### Your instructions
Reproduce word for word the lines from the beginning of the entries to the line with "Q: Is the spacing between lines", both included, but none of the pictures.
Records for processing START
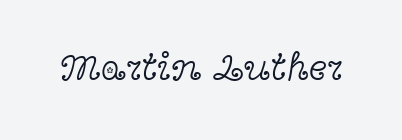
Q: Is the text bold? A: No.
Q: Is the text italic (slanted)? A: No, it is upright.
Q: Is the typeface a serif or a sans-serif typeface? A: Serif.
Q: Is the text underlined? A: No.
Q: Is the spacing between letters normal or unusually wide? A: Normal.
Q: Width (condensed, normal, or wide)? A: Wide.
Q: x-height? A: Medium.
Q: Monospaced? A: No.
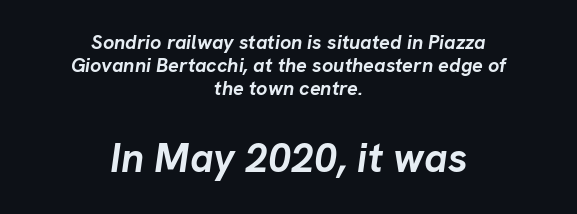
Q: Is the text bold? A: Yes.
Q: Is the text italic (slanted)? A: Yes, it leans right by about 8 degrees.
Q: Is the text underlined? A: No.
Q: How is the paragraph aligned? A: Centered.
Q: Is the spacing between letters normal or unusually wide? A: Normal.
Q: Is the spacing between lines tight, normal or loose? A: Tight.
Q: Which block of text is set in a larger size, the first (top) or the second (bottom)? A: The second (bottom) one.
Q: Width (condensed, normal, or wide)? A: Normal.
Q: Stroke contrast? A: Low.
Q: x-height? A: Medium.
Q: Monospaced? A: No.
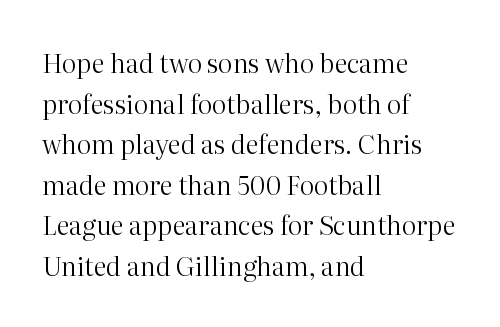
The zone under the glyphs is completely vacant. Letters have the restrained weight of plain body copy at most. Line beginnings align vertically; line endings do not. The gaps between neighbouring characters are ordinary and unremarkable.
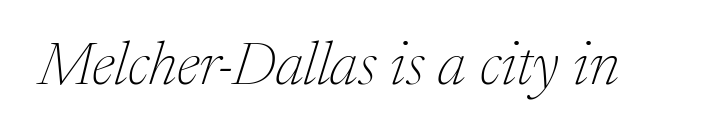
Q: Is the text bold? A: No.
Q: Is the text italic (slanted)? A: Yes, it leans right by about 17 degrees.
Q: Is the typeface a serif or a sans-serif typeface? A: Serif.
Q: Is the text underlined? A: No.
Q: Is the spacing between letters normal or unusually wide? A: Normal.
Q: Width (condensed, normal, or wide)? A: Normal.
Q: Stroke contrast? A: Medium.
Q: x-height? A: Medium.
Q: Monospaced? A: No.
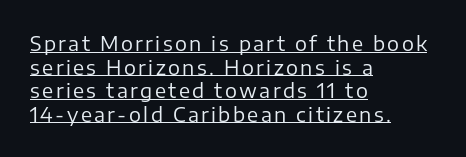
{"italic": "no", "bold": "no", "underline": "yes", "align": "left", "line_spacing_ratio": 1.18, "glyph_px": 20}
Records for processing END
### Output of the task
Q: Is the text bold? A: No.
Q: Is the text italic (slanted)? A: No, it is upright.
Q: Is the typeface a serif or a sans-serif typeface? A: Serif.
Q: Is the text underlined? A: No.
Q: Is the spacing between letters normal or unusually wide? A: Normal.
Q: Width (condensed, normal, or wide)? A: Wide.
Q: x-height? A: Medium.
Q: Monospaced? A: No.
Q: Is the text bold? A: Yes.
Q: Is the text italic (slanted)? A: Yes, it leans right by about 8 degrees.
Q: Is the text underlined? A: No.
Q: How is the paragraph aligned? A: Centered.
Q: Is the spacing between letters normal or unusually wide? A: Normal.
Q: Is the spacing between lines tight, normal or loose? A: Tight.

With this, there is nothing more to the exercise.